A Review: Genetic Mutations in Hemoglobin: Sickle Cell Anemia

Authors

  • Hutham Abd Ali Abd Al Hussain Dep. of chemistry, Collage of Education for pure science /University of Karbala, Karbala, Iraq.
  • Shymaa Hamzah Daylee Dep. of chemistry, Collage of Education for pure science /University of Karbala, Karbala, Iraq.
  • Radhiah Najm Abd Dep. of physics, Collage of Education for pure science /University of Karbala

Keywords:

Sickle cell anemia, Hemoglobin, B chain, Mutate, and heredity diseases.

Abstract

An irreversible, heritable change to the nucleotide sequence of a gene or chromosome is referred to as a mutation, or in the method through which such a shift takes place.
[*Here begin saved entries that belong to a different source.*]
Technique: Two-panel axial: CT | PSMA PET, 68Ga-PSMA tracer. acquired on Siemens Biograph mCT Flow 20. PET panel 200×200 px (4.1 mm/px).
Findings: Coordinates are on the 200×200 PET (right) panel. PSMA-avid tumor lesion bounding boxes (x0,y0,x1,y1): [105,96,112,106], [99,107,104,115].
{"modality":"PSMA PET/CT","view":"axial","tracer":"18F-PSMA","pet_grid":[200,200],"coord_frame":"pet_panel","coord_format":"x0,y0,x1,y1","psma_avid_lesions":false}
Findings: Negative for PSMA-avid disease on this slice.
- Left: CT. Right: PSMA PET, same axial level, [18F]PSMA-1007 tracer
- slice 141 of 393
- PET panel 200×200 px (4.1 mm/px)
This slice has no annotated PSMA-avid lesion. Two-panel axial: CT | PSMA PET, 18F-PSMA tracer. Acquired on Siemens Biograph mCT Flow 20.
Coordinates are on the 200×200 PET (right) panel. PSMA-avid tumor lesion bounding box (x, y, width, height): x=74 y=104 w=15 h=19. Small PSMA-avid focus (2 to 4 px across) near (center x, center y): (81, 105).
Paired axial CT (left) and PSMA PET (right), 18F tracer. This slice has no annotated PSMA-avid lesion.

Small-scale and large-scale mutations fall under the two groups of mutations. When one or more nucleotides are changed, removed, or added, small-scale mutations take place in the DNA. Large-scale mutations are those that arise in a specific region of a chromosome. This type of mutation has the potential to be fatal or cause significant damage, Mutations can be classified as small scale or large scale depending on their influence on the gene structure. Anemia and severe pain are symptoms of the hereditary condition sickle cell anemia. People with the illness have a defective gene that contributes to the creation of the protein hemoglobin, which carries oxygen in erythrocytes. People who carry two copies of the sickle cell gene are more likely to develop sickle cell disease. Sickle cell illness does not afflict people who have only one copy of the sickle cell gene, but their descendants may get it from them.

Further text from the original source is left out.